We then define our hyperparameters. `PATIENCE` is used for early stopping since we don't expect all of the epochs to be effective due to now having very much data.

In [None]:
EMBED_DIM = 256
HIDDEN_DIM = 128
NUM_LAYERS = 2
DROPOUT = 0.3
LR = 5e-4
EPOCHS = 50
MAX_LEN = 128
PATIENCE = 3

As declared before, we now initialize our model, optimizer (using Adam) and loss (cross-entropy).

In [None]:
encoder    = Encoder(vocab_size, EMBED_DIM, HIDDEN_DIM,
                    NUM_LAYERS, DROPOUT)
attention  = Attention(HIDDEN_DIM)
decoder    = Decoder(vocab_size, EMBED_DIM, HIDDEN_DIM,
                    NUM_LAYERS, attention, DROPOUT)

model = Seq2Seq(encoder, decoder, device).to(device)

optimizer = torch.optim.Adam(model.parameters(), lr=LR)
criterion = nn.CrossEntropyLoss(ignore_index=joint_vocab['<PAD>'])

The function `maybe_truncate` discards anything after `MAX_LEN` in a batch.

In [None]:
def maybe_truncate(tensor):
    if tensor.size(1) > MAX_LEN:
        return tensor[:, :MAX_LEN]
    return tensor

This function `train_epoch` takes our sequence-to-sequence model, a `loader` that gives batches of pairs, an `optimizer` to update parameters, a loss function (`criterion`), and a limit on the gradient vector (`clip`). It loops over all batches (pairs of data) to train the model on this epoch's loss and update parameters.

In [None]:
def train_epoch(model, loader, optimizer, criterion, clip=1.0):
    model.train()
    epoch_loss = 0

    for src, tgt in loader:
        src = maybe_truncate(src).to(device)
        tgt = maybe_truncate(tgt).to(device)

        optimizer.zero_grad()
        output = model(src, tgt)                 # [batch, tgt_len, vocab]

        # reshape for CrossEntropy (ignore first token <SOS>)
        output = output[:, 1:, :].reshape(-1, vocab_size)
        tgt    = tgt[:, 1:].reshape(-1)

        loss = criterion(output, tgt)
        loss.backward()
        torch.nn.utils.clip_grad_norm_(model.parameters(), clip)
        optimizer.step()

        epoch_loss += loss.item()
    return epoch_loss / len(loader)

This function `evaluate` takes our sequence-to-sequence model, a `loader` that gives batches of pairs, and an `optimizer` to update parameters.
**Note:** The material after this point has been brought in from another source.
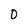
Character: 0
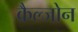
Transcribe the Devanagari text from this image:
कैल्जोन

It loops over all batches (pairs of data) to find the loss of the epoch on the validation set.

In [None]:
def evaluate(model, loader, criterion):
    model.eval()
    epoch_loss = 0
    with torch.no_grad():
        for src, tgt in loader:
            src = maybe_truncate(src).to(device)
            tgt = maybe_truncate(tgt).to(device)
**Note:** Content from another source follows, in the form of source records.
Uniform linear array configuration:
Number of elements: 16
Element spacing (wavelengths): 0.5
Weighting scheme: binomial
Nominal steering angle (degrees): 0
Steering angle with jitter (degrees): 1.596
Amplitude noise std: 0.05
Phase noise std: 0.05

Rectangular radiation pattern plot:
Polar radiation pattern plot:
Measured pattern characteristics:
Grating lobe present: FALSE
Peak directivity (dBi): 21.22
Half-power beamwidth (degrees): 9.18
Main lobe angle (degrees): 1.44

            output = model(src, tgt, teacher_forcing_ratio=0.0)

            output = output[:, 1:, :].reshape(-1, vocab_size)
            tgt    = tgt[:, 1:].reshape(-1)
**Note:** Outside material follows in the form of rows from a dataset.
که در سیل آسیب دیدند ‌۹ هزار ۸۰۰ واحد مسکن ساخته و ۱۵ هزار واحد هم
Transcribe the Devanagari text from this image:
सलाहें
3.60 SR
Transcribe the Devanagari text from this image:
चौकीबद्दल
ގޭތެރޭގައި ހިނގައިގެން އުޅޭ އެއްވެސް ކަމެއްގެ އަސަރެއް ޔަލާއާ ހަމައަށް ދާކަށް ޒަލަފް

            loss = criterion(output, tgt)
            epoch_loss += loss.item()
    return epoch_loss / len(loader)

We then go through the training loop in the cell below to put this all together. We go through the declared number of epochs and update parameters while getting training and validation loss unless there has been no improvement for `PATIENCE` times.

In [None]:
best_val = float('inf')
no_improve = 0

print("Starting training...")
for epoch in range(1, EPOCHS + 1):
    torch.cuda.empty_cache()
    gc.collect()

    start = time.time()
    train_loss = train_epoch(model, train_loader, optimizer, criterion)
    val_loss   = evaluate(model, val_loader, criterion)
    elapsed = time.time() - start

    mins, secs = divmod(int(elapsed), 60)

    if val_loss < best_val:
        best_val = val_loss
        torch.save(model.state_dict(), 'best_joint_model.pt')
        no_improve = 0
        status = "Saved best"
    else:
        no_improve += 1
        status = f"No improvement ({no_improve}/{PATIENCE})"

    print(f"Epoch {epoch:02} | {mins}m {secs}s")
    print(f"   Train loss: {train_loss:.4f} | PPL: {torch.exp(torch.tensor(train_loss)):.2f}")
    print(f"   Val   loss: {val_loss:.4f} | PPL: {torch.exp(torch.tensor(val_loss)):.2f}  {status}")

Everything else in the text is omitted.